What needs to be done >> Where the word "mathrm" occurs in a line of the listing below, copy that line.

━━━

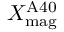
X _ { \mathrm { m a g } } ^ { \mathrm { A 4 0 } }
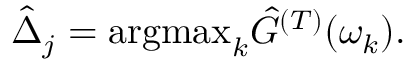
\hat { \Delta } _ { j } = \mathrm { a r g m a x } _ { k } \hat { G } ^ { ( T ) } ( \omega _ { k } ) .
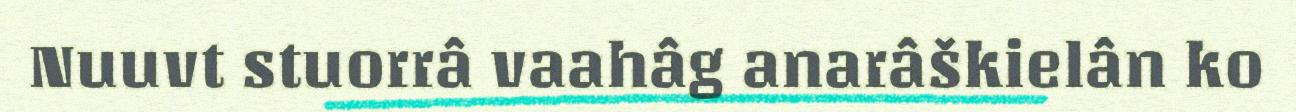
Nuuvt stuorrâ vaahâg anarâškielân ko
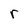
Character: r
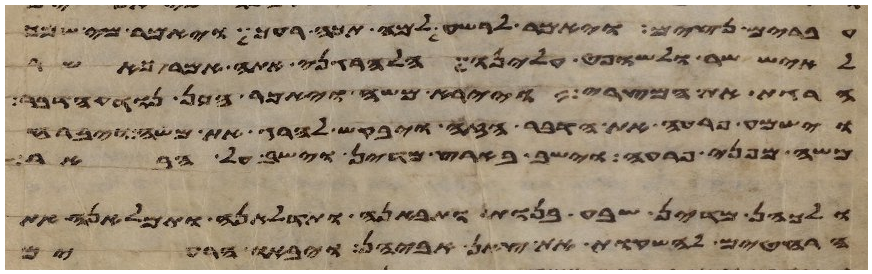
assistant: עברים נצים ויאמר לרשע למה תכה רעך ויאמר מי שמך
לאיש שר ולשופט עלינו הלהרגני אתה אמר כאשר
הרגת את המצרי ויירא משה ויאמר אכן נודע הדבר
וישמע פרעה את הדבר הזה ויבקש להרג את משה ויברח
משה מפני פרעה וישב בארץ מדין וישב על הבאר
ולכהן מדין שבע בנות ותבאנה ותדלאנה ותמלאנה את
הרחטים להשקות את צאן אביהן ויבאו הרעים
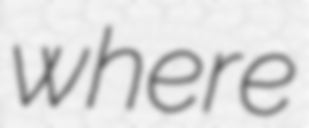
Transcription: where
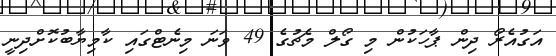
އަގުއެރޯ ދިން ޕާހަކުން މި ގޯލް މެޗުގެ 49 ވަނަ މިނެޓްގައި ކާމިޔާބުކޮށްދިނީ
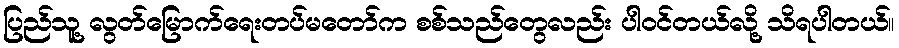
ပြည်သူ့ လွတ်မြောက်ရေးတပ်မတော်က စစ်သည်တွေလည်း ပါဝင်တယ်လို့ သိရပါတယ်။

━━━

Response below >>
X _ { \mathrm { m a g } } ^ { \mathrm { A 4 0 } }
\hat { \Delta } _ { j } = \mathrm { a r g m a x } _ { k } \hat { G } ^ { ( T ) } ( \omega _ { k } ) .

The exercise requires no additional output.